Edward I was even more ferocious. He ordered that certain Jews, who had been acquitted of the charge of ritual murder, be retried. In November 1278, 600 Jews were imprisoned in the Tower of London on charges of tampering with the currency; 269 of them were hanged six months later. In 1290 he expelled all of the remaining Jews from his kingdom; they were now approximately 2,000. He did not take this step out of misplaced religious zeal; it was the measure demanded by the parliament house before they would agree to fresh taxation. In fact the expulsion was seen by many chroniclers as one of the most important and enlightened acts of his reign. The anti-Semitism of the medieval English people is clear enough. Some have argued that, in subtly modified forms, it has continued to this day.
21
The favourites of a king
The new king, Edward II, had been born in 1284 on the site of his father’s new castle at Caernarfon; Eleanor’s labour came to an end in temporary accommodation beside the castle that had only been begun in the previous year. She may have been brought to the spot in a deliberate move by the king to lay claim to this part of the island. In later life the new king was known as ‘Edward of Caernarfon’ and in 1301 he was acclaimed as ‘prince of Wales’, the first heir of the throne to be thus designated.

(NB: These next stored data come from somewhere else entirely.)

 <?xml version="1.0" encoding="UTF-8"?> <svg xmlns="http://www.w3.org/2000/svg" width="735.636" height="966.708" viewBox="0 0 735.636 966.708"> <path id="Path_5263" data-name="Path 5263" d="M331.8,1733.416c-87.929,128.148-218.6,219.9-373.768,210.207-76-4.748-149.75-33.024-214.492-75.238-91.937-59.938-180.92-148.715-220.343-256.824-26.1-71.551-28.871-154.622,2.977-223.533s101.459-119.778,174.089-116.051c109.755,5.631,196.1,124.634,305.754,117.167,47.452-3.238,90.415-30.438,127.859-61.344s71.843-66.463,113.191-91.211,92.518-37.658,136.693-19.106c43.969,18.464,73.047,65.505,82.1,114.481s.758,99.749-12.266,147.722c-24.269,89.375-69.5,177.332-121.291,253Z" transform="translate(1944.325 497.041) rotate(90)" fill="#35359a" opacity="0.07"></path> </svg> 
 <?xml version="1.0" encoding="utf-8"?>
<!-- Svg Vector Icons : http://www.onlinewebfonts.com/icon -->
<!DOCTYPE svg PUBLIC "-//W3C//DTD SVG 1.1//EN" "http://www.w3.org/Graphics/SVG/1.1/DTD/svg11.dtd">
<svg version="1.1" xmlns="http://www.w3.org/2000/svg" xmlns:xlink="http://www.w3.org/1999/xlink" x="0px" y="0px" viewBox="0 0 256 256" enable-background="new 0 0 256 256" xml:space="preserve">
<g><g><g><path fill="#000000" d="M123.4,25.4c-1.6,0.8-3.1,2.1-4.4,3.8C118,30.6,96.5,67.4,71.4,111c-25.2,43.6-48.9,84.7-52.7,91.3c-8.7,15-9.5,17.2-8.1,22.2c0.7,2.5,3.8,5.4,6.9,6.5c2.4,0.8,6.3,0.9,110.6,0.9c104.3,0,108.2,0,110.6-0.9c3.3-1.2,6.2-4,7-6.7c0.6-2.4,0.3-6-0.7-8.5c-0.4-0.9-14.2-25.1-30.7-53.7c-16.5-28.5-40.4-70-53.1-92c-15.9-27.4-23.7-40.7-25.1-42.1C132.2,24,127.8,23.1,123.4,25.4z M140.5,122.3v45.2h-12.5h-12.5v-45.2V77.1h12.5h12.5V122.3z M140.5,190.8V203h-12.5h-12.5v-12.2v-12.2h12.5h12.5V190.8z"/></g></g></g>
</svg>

He did not care much for his principality. In 1305 he sent a letter to his cousin, Louis, count of Evreux, in which he promised to send ‘some misshapen greyhounds of Wales, which can catch a hare well if they find it asleep, and running dogs which can follow at an amble. And, dear cousin, if you would care for anything else from our land of Wales, we will send you some wild men, if you like, who will know well how to give young sprigs of noblemen their education.’ If nothing else, he had a sense of humour.
He was brought up in a military household, and was engaged in his father’s last Scottish wars. After the defeat of the English army by Robert Bruce at Loudoun, he vowed that he would not spend two nights in the same place until he had exacted revenge. He never kept the promise. He was not in any case as bellicose or as overbearing as his father. He always disliked taking part in tournaments. The writer of a contemporary life of the king, Ranulf Higden, remarked that ‘he did not care for the company of lords, but preferred to mingle with harlots, with singers and jesters’. He also was most at ease with ‘carters and delvers and ditchers, with shipmen and boatmen, and with other craftsmen’. It is hard to interpret this last remark, except as a general indication that the young prince was not particularly interested in royal pursuits. This was the rebuke that followed him in succeeding years. He did not behave like a king.